> EXERCISE GOAL
For each line below, write it out exactly as it appears.

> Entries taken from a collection
════════════════

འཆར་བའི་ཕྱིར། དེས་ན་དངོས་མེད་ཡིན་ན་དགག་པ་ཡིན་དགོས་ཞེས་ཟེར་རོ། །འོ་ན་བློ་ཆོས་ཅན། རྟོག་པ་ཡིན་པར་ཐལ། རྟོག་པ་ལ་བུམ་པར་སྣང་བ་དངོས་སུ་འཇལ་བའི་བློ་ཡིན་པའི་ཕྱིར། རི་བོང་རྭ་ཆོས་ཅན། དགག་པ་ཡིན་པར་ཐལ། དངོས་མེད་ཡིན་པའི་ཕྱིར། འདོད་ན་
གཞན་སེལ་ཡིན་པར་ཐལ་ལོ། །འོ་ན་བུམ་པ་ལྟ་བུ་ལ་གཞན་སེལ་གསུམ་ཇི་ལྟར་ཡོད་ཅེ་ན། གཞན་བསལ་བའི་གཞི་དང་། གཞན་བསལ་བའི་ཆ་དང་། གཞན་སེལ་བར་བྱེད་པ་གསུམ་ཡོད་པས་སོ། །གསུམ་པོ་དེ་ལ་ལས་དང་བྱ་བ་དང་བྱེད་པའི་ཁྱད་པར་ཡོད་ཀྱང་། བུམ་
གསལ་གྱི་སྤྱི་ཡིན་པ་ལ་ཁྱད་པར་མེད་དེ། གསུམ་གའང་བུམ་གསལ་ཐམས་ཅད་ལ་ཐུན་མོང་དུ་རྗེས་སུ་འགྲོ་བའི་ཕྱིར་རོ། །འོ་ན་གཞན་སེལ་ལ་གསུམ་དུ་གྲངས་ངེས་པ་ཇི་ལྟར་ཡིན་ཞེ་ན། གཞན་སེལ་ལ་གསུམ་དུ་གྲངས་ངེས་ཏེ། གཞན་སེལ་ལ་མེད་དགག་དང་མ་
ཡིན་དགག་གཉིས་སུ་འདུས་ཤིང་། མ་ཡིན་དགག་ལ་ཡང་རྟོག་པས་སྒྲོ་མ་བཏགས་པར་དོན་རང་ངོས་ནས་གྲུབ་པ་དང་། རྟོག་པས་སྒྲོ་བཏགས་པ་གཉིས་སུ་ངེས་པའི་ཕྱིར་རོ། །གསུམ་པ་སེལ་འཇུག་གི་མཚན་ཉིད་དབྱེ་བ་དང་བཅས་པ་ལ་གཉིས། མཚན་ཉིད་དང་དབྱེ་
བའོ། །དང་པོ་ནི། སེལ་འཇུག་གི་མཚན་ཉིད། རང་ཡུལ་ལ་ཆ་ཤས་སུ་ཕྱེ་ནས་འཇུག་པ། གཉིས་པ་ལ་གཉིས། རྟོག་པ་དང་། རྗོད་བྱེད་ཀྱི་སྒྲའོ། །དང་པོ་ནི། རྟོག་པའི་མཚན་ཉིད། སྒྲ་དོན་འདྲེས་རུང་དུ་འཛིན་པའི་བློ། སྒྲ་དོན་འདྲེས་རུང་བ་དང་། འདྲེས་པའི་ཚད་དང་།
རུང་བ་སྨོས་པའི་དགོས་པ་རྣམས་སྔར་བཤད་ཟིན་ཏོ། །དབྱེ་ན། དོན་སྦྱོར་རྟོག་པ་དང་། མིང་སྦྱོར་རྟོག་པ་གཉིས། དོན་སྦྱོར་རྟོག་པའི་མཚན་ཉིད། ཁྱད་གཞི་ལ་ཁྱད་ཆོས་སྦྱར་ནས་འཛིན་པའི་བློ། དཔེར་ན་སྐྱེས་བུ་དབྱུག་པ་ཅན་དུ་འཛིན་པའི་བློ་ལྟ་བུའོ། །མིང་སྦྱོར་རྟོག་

════════════════

> SOLUTION FOR THIS EXERCISE
འཆར་བའི་ཕྱིར། དེས་ན་དངོས་མེད་ཡིན་ན་དགག་པ་ཡིན་དགོས་ཞེས་ཟེར་རོ། །འོ་ན་བློ་ཆོས་ཅན། རྟོག་པ་ཡིན་པར་ཐལ། རྟོག་པ་ལ་བུམ་པར་སྣང་བ་དངོས་སུ་འཇལ་བའི་བློ་ཡིན་པའི་ཕྱིར། རི་བོང་རྭ་ཆོས་ཅན། དགག་པ་ཡིན་པར་ཐལ། དངོས་མེད་ཡིན་པའི་ཕྱིར། འདོད་ན་
གཞན་སེལ་ཡིན་པར་ཐལ་ལོ། །འོ་ན་བུམ་པ་ལྟ་བུ་ལ་གཞན་སེལ་གསུམ་ཇི་ལྟར་ཡོད་ཅེ་ན། གཞན་བསལ་བའི་གཞི་དང་། གཞན་བསལ་བའི་ཆ་དང་། གཞན་སེལ་བར་བྱེད་པ་གསུམ་ཡོད་པས་སོ། །གསུམ་པོ་དེ་ལ་ལས་དང་བྱ་བ་དང་བྱེད་པའི་ཁྱད་པར་ཡོད་ཀྱང་། བུམ་
གསལ་གྱི་སྤྱི་ཡིན་པ་ལ་ཁྱད་པར་མེད་དེ། གསུམ་གའང་བུམ་གསལ་ཐམས་ཅད་ལ་ཐུན་མོང་དུ་རྗེས་སུ་འགྲོ་བའི་ཕྱིར་རོ། །འོ་ན་གཞན་སེལ་ལ་གསུམ་དུ་གྲངས་ངེས་པ་ཇི་ལྟར་ཡིན་ཞེ་ན། གཞན་སེལ་ལ་གསུམ་དུ་གྲངས་ངེས་ཏེ། གཞན་སེལ་ལ་མེད་དགག་དང་མ་
ཡིན་དགག་གཉིས་སུ་འདུས་ཤིང་། མ་ཡིན་དགག་ལ་ཡང་རྟོག་པས་སྒྲོ་མ་བཏགས་པར་དོན་རང་ངོས་ནས་གྲུབ་པ་དང་། རྟོག་པས་སྒྲོ་བཏགས་པ་གཉིས་སུ་ངེས་པའི་ཕྱིར་རོ། །གསུམ་པ་སེལ་འཇུག་གི་མཚན་ཉིད་དབྱེ་བ་དང་བཅས་པ་ལ་གཉིས། མཚན་ཉིད་དང་དབྱེ་
བའོ། །དང་པོ་ནི། སེལ་འཇུག་གི་མཚན་ཉིད། རང་ཡུལ་ལ་ཆ་ཤས་སུ་ཕྱེ་ནས་འཇུག་པ། གཉིས་པ་ལ་གཉིས། རྟོག་པ་དང་། རྗོད་བྱེད་ཀྱི་སྒྲའོ། །དང་པོ་ནི། རྟོག་པའི་མཚན་ཉིད། སྒྲ་དོན་འདྲེས་རུང་དུ་འཛིན་པའི་བློ། སྒྲ་དོན་འདྲེས་རུང་བ་དང་། འདྲེས་པའི་ཚད་དང་།
རུང་བ་སྨོས་པའི་དགོས་པ་རྣམས་སྔར་བཤད་ཟིན་ཏོ། །དབྱེ་ན། དོན་སྦྱོར་རྟོག་པ་དང་། མིང་སྦྱོར་རྟོག་པ་གཉིས། དོན་སྦྱོར་རྟོག་པའི་མཚན་ཉིད། ཁྱད་གཞི་ལ་ཁྱད་ཆོས་སྦྱར་ནས་འཛིན་པའི་བློ། དཔེར་ན་སྐྱེས་བུ་དབྱུག་པ་ཅན་དུ་འཛིན་པའི་བློ་ལྟ་བུའོ། །མིང་སྦྱོར་རྟོག་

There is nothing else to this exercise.